Stored records:
......

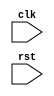
module timing_control_and_sync(
  input wire clk,
  input wire rst,
  // Add additional input/output ports as needed
);

  // Clock generation and synchronization module
  reg clk_internal;
  
  always @(posedge clk or posedge rst) begin
    if (rst) begin
      clk_internal <= 1'b0;
    end else begin
      clk_internal <= ~clk_internal;
    end
  end
  
  // Reset synchronization module
  always @(posedge clk or posedge rst) begin
    if (rst) begin
      // Synchronize reset signal
    end
  end
  
  // Data transfer timing management module
  // Add code for managing data transfer timing
  
  // Flow control signal management module
  // Add code for managing flow control signals
  
  // Bus arbitration module
  // Add code for arbitrating between multiple AXI bus transactions

endmodule
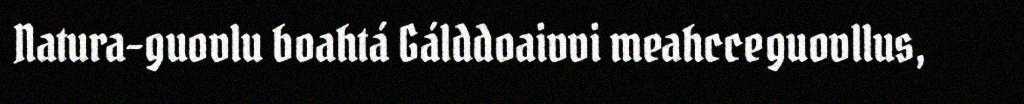
Natura-guovlu boahtá Gálddoaivvi meahcceguovllus,
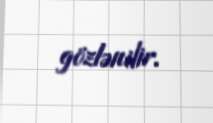
gözlənilir.
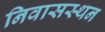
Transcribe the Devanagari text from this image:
निवासस्थन
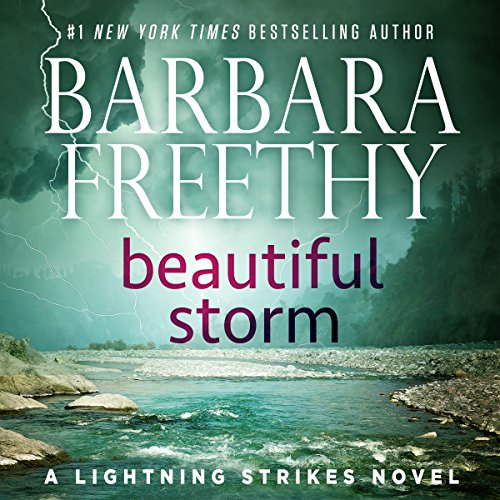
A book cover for Beautiful Storm: Lightning Strikes, Book 1; Barbara Freethy; Romance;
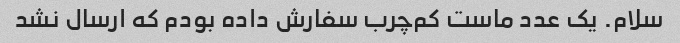
سلام. یک عدد ماست کم‌چرب سفارش داده بودم که ارسال نشد
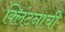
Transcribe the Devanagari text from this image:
क्लिंटनाची
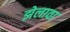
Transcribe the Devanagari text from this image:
झेलावा
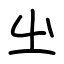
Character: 㞢
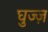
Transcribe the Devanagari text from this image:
घुज्ज़
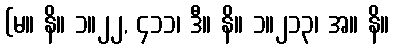
(မ။ နိ။ ၁။၂၂, ၄၁၁၊ ဒီ။ နိ။ ၁။၂၁၃၊ အ။ နိ။
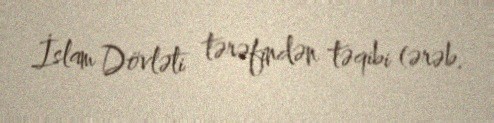
İslam Dövləti tərəfindən təqibi (ərəb.
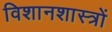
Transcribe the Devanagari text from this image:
विशानशास्त्रों
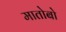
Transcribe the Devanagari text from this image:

......

§ **Work task**
Print the lines from the one holding "Character: 㞢" through the last line of the records, word for word, and omit the pictures.

§ **Worked solution**
Character: 㞢
Transcribe the Devanagari text from this image:
घुज्ज़
(မ။ နိ။ ၁။၂၂, ၄၁၁၊ ဒီ။ နိ။ ၁။၂၁၃၊ အ။ နိ။
İslam Dövləti tərəfindən təqibi (ərəb.
Transcribe the Devanagari text from this image:
विशानशास्त्रों
Transcribe the Devanagari text from this image:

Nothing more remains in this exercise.